Our digital banking ecosystem helps drive financial inclusion in Brazil providing business solutions primarily designed for consumers, individual entrepreneurs, micro-merchants and SMEs. Our main target markets include underserved clients and unbanked clients who have been ignored or underserved by the incumbents. Our digital banking ecosystem serves both consumers and merchants on a single platform. These merchants and consumers are attracted by our disruptive technology, which enables us to offer free, innovative, scalable and low-cost products and services with simpler onboarding, no paperwork and a high acceptance rate, while maintaining levels of fraud below those required by the card schemes. Once on our platform, merchants can offer consumers 40 cash-in methods, choose to obtain early payment of their card receivables on consumer installment transactions, and manage their cash balances on our free PagBank digital account, which offers 13 cash-out options including wire and peer to peer transfers, QR code payments, bill payments, top up prepaid mobile phone, Uber, Spotify or Google Play credits and in-person and online purchases or cash withdrawals using our PagSeguro prepaid and cash cards. Our management tools help them start or grow their businesses with PagSeguro as a partner, with software functionalities such as sales reports, credit and debit card reconciliation and inventory control, which we believe create a strong commercial bond with our clients. We believe the combination of all these features increases our clients’ loyalty, leading them to conduct additional business with us, in a virtuous cycle. Our merchants span businesses of all types and sizes, ranging from individual entrepreneurs, micro-merchants and small companies such as street vendors and beauty salons, to medium-sized companies in retail and other sectors. We also have a growing presence in the business-to-business commerce segment.
Our cross-border payments business unit is branded under the name of Pagseguro International (Pagseguro Tecnologia Ltda.) and is a wholly owned subsidiary of PagSeguro. Pagseguro Tecnologia operates as a cross-border PSP, providing online payment services for international merchants throughout Latin America, Portugal, Spain and Turkey, through more than 140 payment options.
Some of our key financial and operating data are as follows:
•At December 31, 2022, our active merchants totaled 7.1 million, representing a decrease of 8.0% compared with 7.7 million at year-end 2021. Our active merchants at year-end 2021 represented an increase of 9.4% compared with 7.0 million at year-end 2020.
•In 2022, our TPV totaled R$731.4 billion, representing an increase of 60.4% compared with R$456.1 billion in 2021. Our TPV in 2021 represented an increase of 97.0% compared with R$231.5 billion in 2020. In 2022, our PagSeguro TPV totaled R$353.8 billion and our PagBank TPV totaled R$377.6 billion.
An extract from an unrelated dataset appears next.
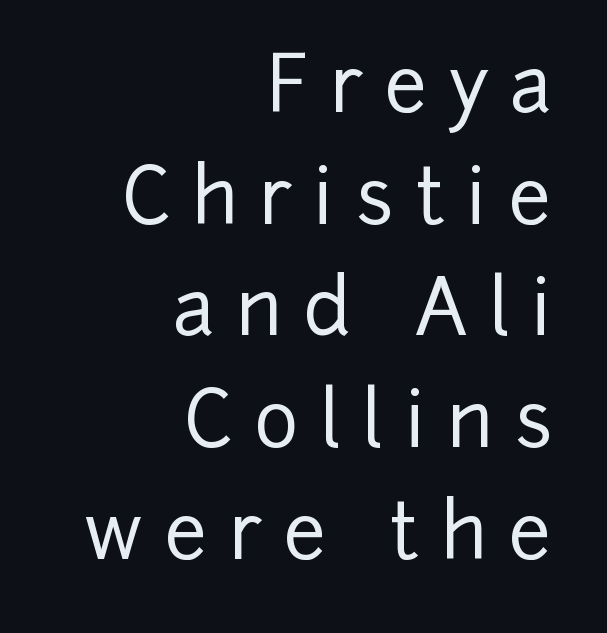
{"serif": "no", "italic": "no", "width": "normal", "stroke_contrast": "low", "x_height": "medium", "monospaced": "no", "underline": "no", "align": "right", "line_spacing": "normal", "line_spacing_ratio": 1.47, "letter_spacing": "wide", "letter_spacing_em": 0.28, "glyph_px": 76}

•In 2022, our Total revenue and income totaled R$15,334.9 million, representing an increase of 46.8% compared with R$10,448.7 million in 2021. Our Total revenue and income in 2021 represented an increase of 53.3% compared with R$6,814.7 million in 2020. The principal components of our Total revenue and income posted the following growth:
*Our Revenue from transaction activities and other services totaled R$8,906.4 million in 2022, an increase of 31.3% compared with R$6,784.8 million in 2021. The total of these revenue items in 2021 represented an increase of 50.5% compared with R$4,508.7 million in 2020.
*Our Financial income totaled R$6,252.7 million in 2022, an increase of 77.9% compared with R$3,514.4 million in 2021. Financial income in 2021 represented an increase of 61.4% compared with R$2,177.4 million in 2020.
•In 2022, our Net income for the year totaled R$1,504.8 million, representing an increase of 29.0% compared with R$1,166.3 million in 2021. Net income for the year in 2021 represented a decrease of 9.8% compared with R$1,292.3 million in 2020.
•At December 31, 2022, our PagBank active users totaled 16.2 million, representing an increase of 23.9% compared with 13.1 million at December 31, 2021. Our PagBank active users in 2021 represented an increase of 66.2% compared with 7.9 million in 2020.
With respect to the labor market, in December 2022, according to information from IBGE’s PNAD, Brazil had 47.5 million formal economy employees and 22.1 million informal economy employees (considering the private sector, domestic services and the public sector), representing a major market opportunity for digital banks, as most of the 22.1 million individuals employed in the informal economy remain unbanked or under-banked, and seek digital payments and credit solutions.
According to SEBRAE (Portal do Empreendedor) and Brazil’s Internal Revenue Services (Receita Federal), there were 14.8 million micro-merchants (MEIs) in Brazil as of December 31, 2022. Also, according to the most recent Annual Social Information Report (Relação Anual de Informações Sociais - RAIS), published by the Ministry of the Economy, as of December 31, 2021, there were 3.8 million SMEs. Additionally, according to IBGE’s PNAD, as of December 31, 2022, there were 18.6 million individuals self-employed in the informal economy, usually individual customers of card acquirers. Taken together, this totals an addressable market of 37.2 million formal and informal businesses. In addition, according to SEBRAE, the number of individual micro entrepreneurs in Brazil increased significantly, from 772 thousand in 2010 to 14.9 million in March 2023.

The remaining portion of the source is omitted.